Any forward error correction scheme must add extra bits and data packets, called parity bits and parity packets. When data is received, the extra information in the parity bits and parity packets help to determine if there is error in the data received, and if there are errors, where are the error bits, so that the errors can be repaired as much as possible. A new FEC scheme must handle production of the parity bits and parity packets differently, and on the receiving end, interprets the parity information in different ways, to allow faster processing.

In examining how FEC algorithms work, we recognize the principle that parity bits and packets only help to identify and fix errors of the data bits or packets that the parity was computed from in the first place.
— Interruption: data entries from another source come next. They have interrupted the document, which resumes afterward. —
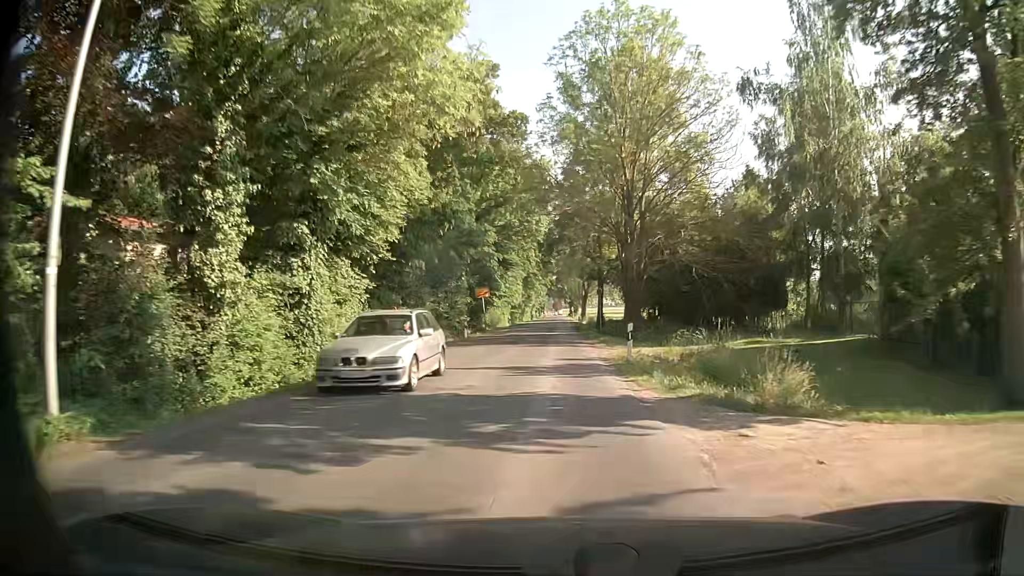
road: secondary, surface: paved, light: Day
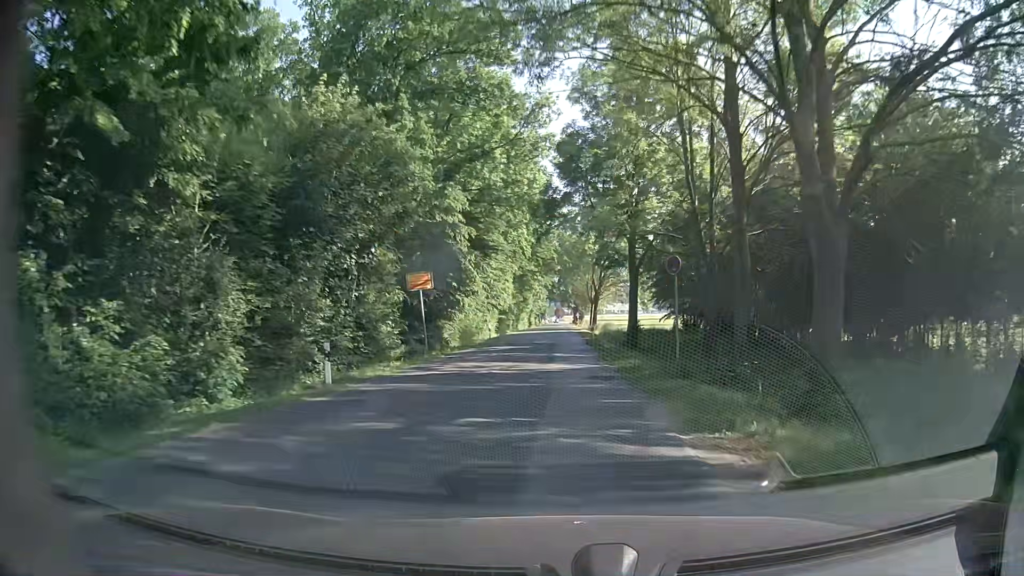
(+0.4, +24.7) m; +1°
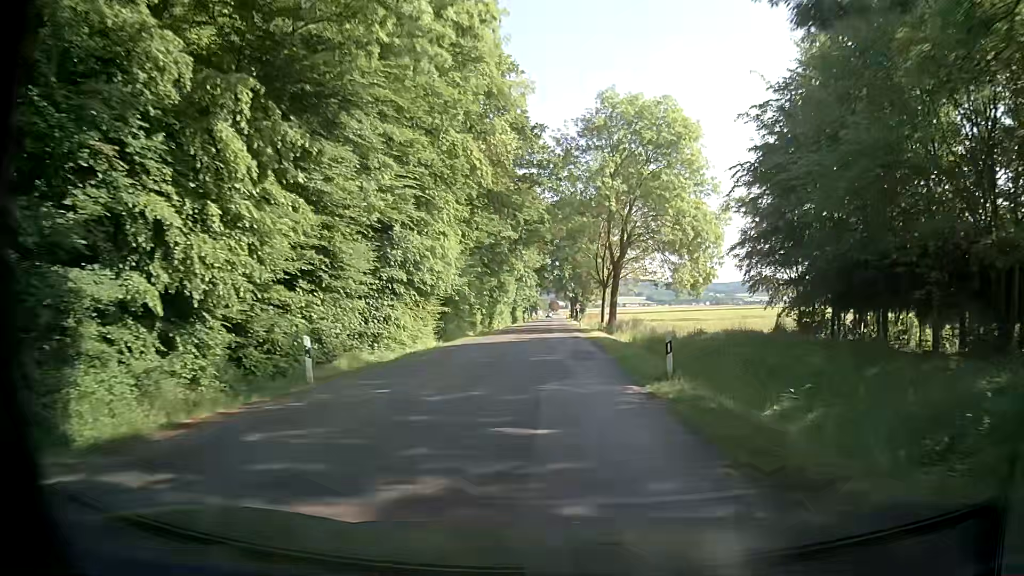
(+0.1, +36.0) m; +1°
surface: asphalt
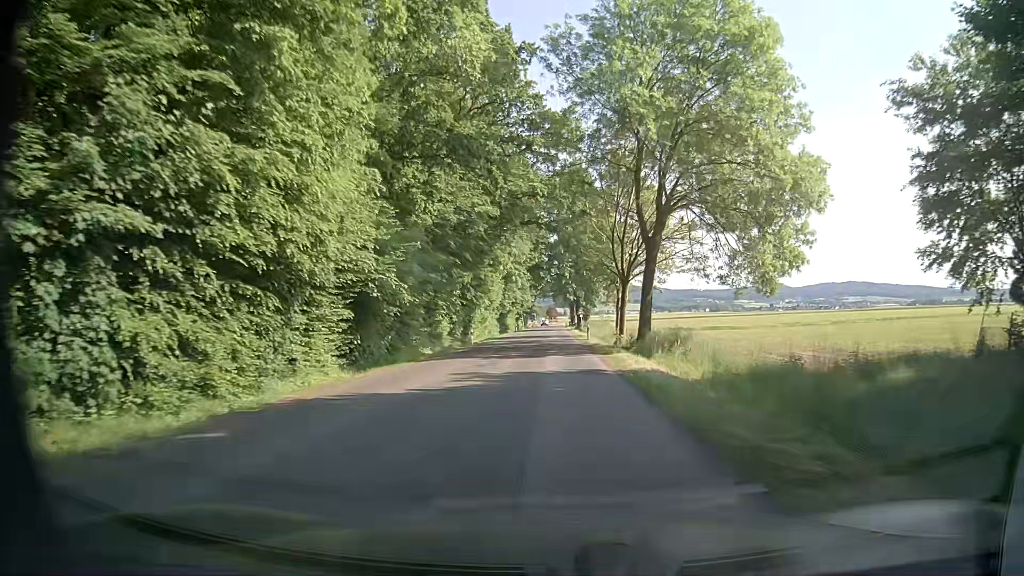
(-0.1, +19.4) m; 0°
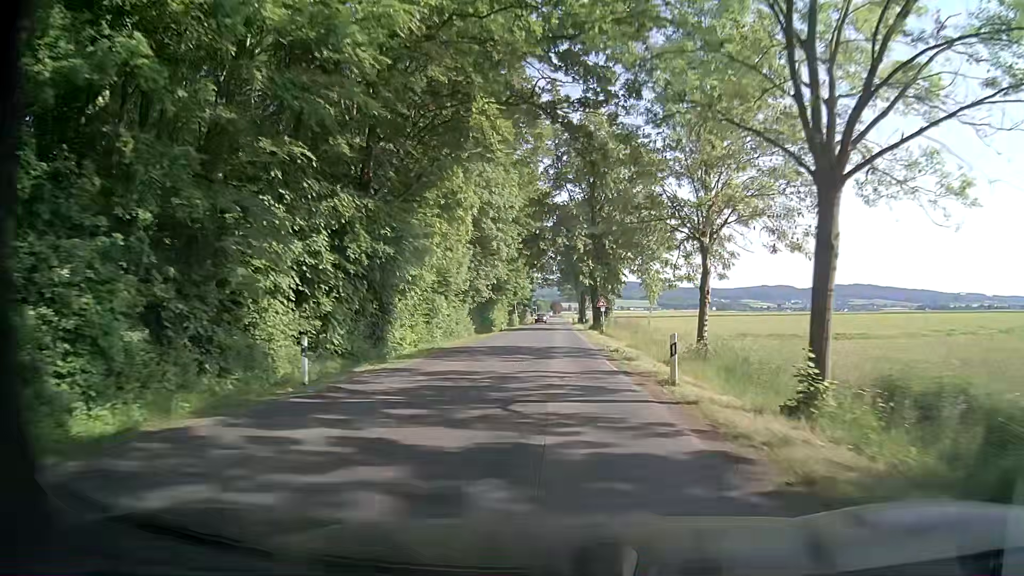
(-0.2, +30.7) m; -1°
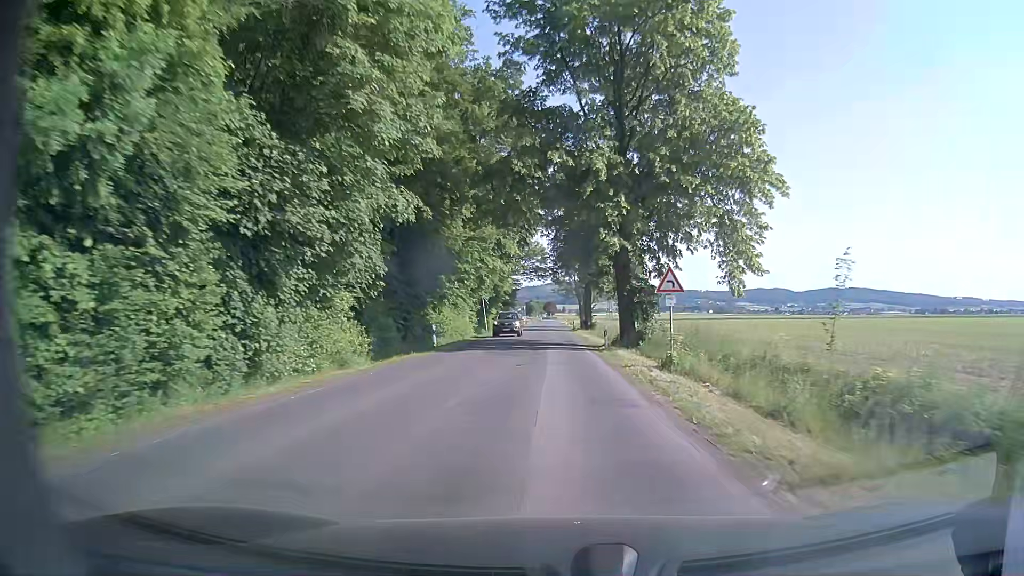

A parity bit or packet contains no information of data bits or packets that it has no dependency on thus can tell us nothing about the unrelated data.

Therefore, we find a weakness in LDPC, Low Density Parity Check, and propose the first novelty of the current. In LDPC data is segregated into frames, error bit correction is done within each frame, not beyond current frame. Each data bit is associated with very few parity bits and each parity bit is associated with very few data bits. Thus the name low density parity check. The sparseness of association is necessary to reduce computation complexity. But it also reduces reliability of error correction. When only a very few parity bits can suggest an error in a data bit, it is unclear whether the data bit is wrong, or the parity bits themselves are wrong, or some other associated data bits could be wrong. This leads to a shortcoming in LDPC, called error floor. It's very difficult to reduce residual bit error rate to below a threshold.

The first novelty of current invention provides an encoding engine which produces a near infinite sequence of parity useful to identify and fix data errors. Thus we no longer use so called low density parity. Instead we have high density parity check. Each of parity has a good chance to help identify and fix any data bit error that occurs before the parity. So there is an infinite chance to fix any data bit error. The chance of an error remains unfixed approaches 0.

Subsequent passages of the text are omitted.